#### WHAT TO DO:
In the records below, find the line that holds "Answer: ލޫޠުގެފާނުގެ އެކަލޭގެފާނުގެ". Restate it and every later line exactly, stopping at the end and skipping pictures.

#### MATERIAL PROVIDED:

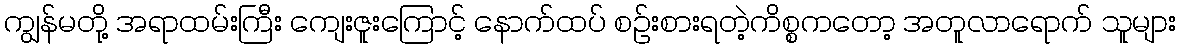
ကျွန်မတို့ အရာထမ်းကြီး ကျေးဇူးကြောင့် နောက်ထပ် စဉ်းစားရတဲ့ကိစ္စကတော့ အတူလာရောက် သူများ
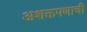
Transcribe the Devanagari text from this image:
अशक्तपणाची
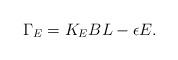
LaTeX: \begin{align*}\Gamma_{E}=K_{E}BL-\epsilon E.\end{align*}
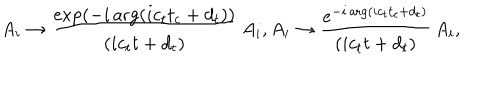
A _ { i } \rightarrow { \frac { \exp ( - i \arg ( i c _ { t } t _ { c } + d _ { t } ) ) } { ( i c _ { t } t + d _ { t } ) } } \, A _ { i } , A _ { i } \rightarrow { \frac { e ^ { - i \arg ( i c _ { t } t _ { c } + d _ { t } ) } } { ( i c _ { t } t + d _ { t } ) } } \, A _ { i } ,
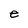
Character: e
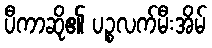
ပီကာဆို၏ ပဉ္စလက်မီးအိမ်
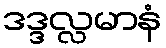
ဒဒ္ဒလ္လမာနံ
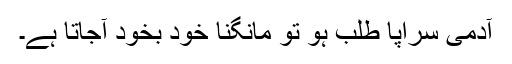
آدمی سراپا طلب ہو تو مانگنا خود بخود آجاتا ہے۔
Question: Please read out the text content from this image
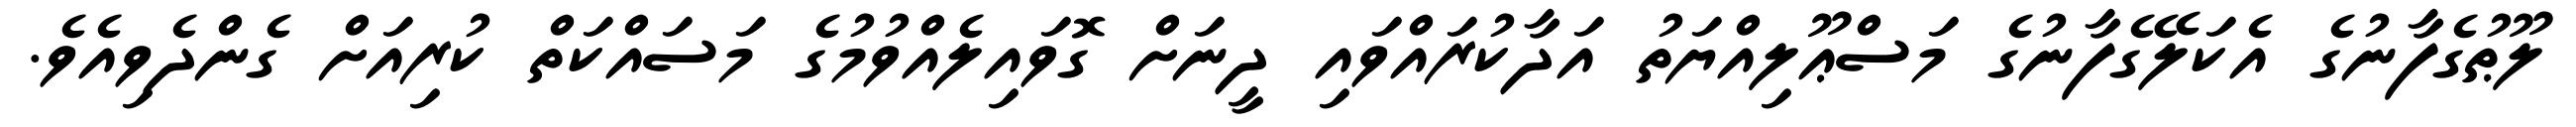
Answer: ލޫޠުގެފާނުގެ އެކަލޭގެފާނުގެ މަސްޢޫލިއްޔަތު އަދާކުރައްވައި ދީނަށް ގޮވައިލެއްވުމުގެ މަސައްކަތް ކުރިއަށް ގެންދެވިއެވެ.
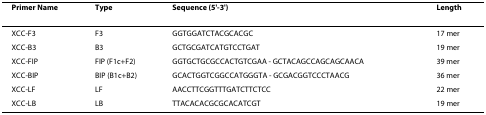
<table><thead><tr><td><b>Primer Name</b></td><td><b>Type</b></td><td><b>Sequence (5&#x27;-3&#x27;)</b></td><td><b>Length</b></td></tr></thead><tbody><tr><td>XCC-F3</td><td>F3</td><td>GGTGGATCTACGCACGC</td><td>17 mer</td></tr><tr><td>XCC-B3</td><td>B3</td><td>GCTGCGATCATGTCCTGAT</td><td>19 mer</td></tr><tr><td>XCC-FIP</td><td>FIP (F1c+F2)</td><td>GGTGCTGCGCCACTGTCGAA - GCTACAGCCAGCAGCAACA</td><td>39 mer</td></tr><tr><td>XCC-BIP</td><td>BIP (B1c+B2)</td><td>GCACTGGTCGGCCATGGGTA - GCGACGGTCCCTAACG</td><td>36 mer</td></tr><tr><td>XCC-LF</td><td>LF</td><td>AACCTTCGGTTTGATCTTCTCC</td><td>22 mer</td></tr><tr><td>XCC-LB</td><td>LB</td><td>TTACACACGCGCACATCGT</td><td>19 mer</td></tr></tbody></table>

#### SOLUTION:
Answer: ލޫޠުގެފާނުގެ އެކަލޭގެފާނުގެ މަސްޢޫލިއްޔަތު އަދާކުރައްވައި ދީނަށް ގޮވައިލެއްވުމުގެ މަސައްކަތް ކުރިއަށް ގެންދެވިއެވެ.
<table><thead><tr><td><b>Primer Name</b></td><td><b>Type</b></td><td><b>Sequence (5&#x27;-3&#x27;)</b></td><td><b>Length</b></td></tr></thead><tbody><tr><td>XCC-F3</td><td>F3</td><td>GGTGGATCTACGCACGC</td><td>17 mer</td></tr><tr><td>XCC-B3</td><td>B3</td><td>GCTGCGATCATGTCCTGAT</td><td>19 mer</td></tr><tr><td>XCC-FIP</td><td>FIP (F1c+F2)</td><td>GGTGCTGCGCCACTGTCGAA - GCTACAGCCAGCAGCAACA</td><td>39 mer</td></tr><tr><td>XCC-BIP</td><td>BIP (B1c+B2)</td><td>GCACTGGTCGGCCATGGGTA - GCGACGGTCCCTAACG</td><td>36 mer</td></tr><tr><td>XCC-LF</td><td>LF</td><td>AACCTTCGGTTTGATCTTCTCC</td><td>22 mer</td></tr><tr><td>XCC-LB</td><td>LB</td><td>TTACACACGCGCACATCGT</td><td>19 mer</td></tr></tbody></table>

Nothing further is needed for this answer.